2)利用についての拒否権が需要者側にある。
サービスの総額の管理方法(3つの考え方がある)
1)サービスの標準変動費をチャージする。
事例では、ボイセカスケード会社のデータ処理サービスの過小価格
の配賦が報告されている。
2)サービスに標準変動費プラス標準固定費の相当な
部分を加える。
3)サービスの市場価格で購入する、もしくは、標準全
部原価プラスマージン。
サービスのオプション的利用
選択的に利用されるようなサービスについては、独
立採算できるようにしておくことが重要である。
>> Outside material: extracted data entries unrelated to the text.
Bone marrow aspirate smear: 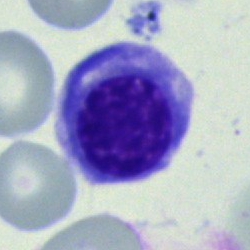 The cell type is nucleated red blood cell.
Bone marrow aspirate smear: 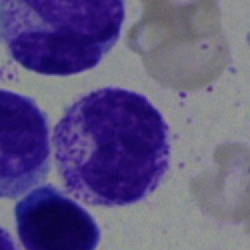 Polymorphonuclear neutrophil.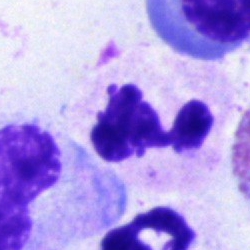Morphology → polymorphonuclear neutrophil.
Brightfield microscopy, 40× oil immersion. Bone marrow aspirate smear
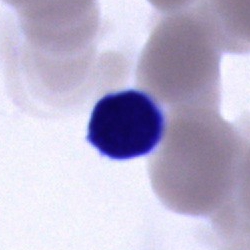Impression → lymphocyte.
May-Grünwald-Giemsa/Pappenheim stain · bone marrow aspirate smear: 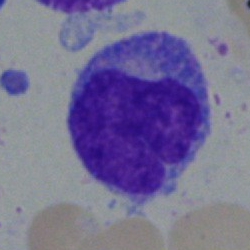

量と
効率性(価格、品質)のいずれについても、利用者
側に選択を委ねる。
価格メカニズムの単純さ
ユーザーの理解できないサービス価格決定方法の
利用は、有益でない結果をもたらす。
4 振替価格の管理(保全)
1)交渉価格:
価格は供給・販売に決めさせる理由は、それが、BUのマネジャーの主要
な機能だから。
ローカルな情報を一番もっている人が決めるのが最善である。
2)裁定と衝突回避(解決):コンフリクト解決には、4つの方法がある。強制、
平準化、交渉、問題解決。前のものから、後程、解決プロセスが長く、困
難である。しかし、問題が提起されないで潜在化する方がはるかに深刻
である。
3)製品分類:2つに分かれる。大量でかつ外部調達の困難な製品振替。少
量で市価が利用できる比較一般化された製品。前者については、本部が、
調達先などについて権限を保持している。
後者については、事業部間でルールを決定できる。
要約
1 被委譲者は、最適な利益に関する決定を行
なうだけの情報をもっていること。
2 被委譲者の業績は、かれが、収益と費用の
トレードオフをどううまくやったかを測定する。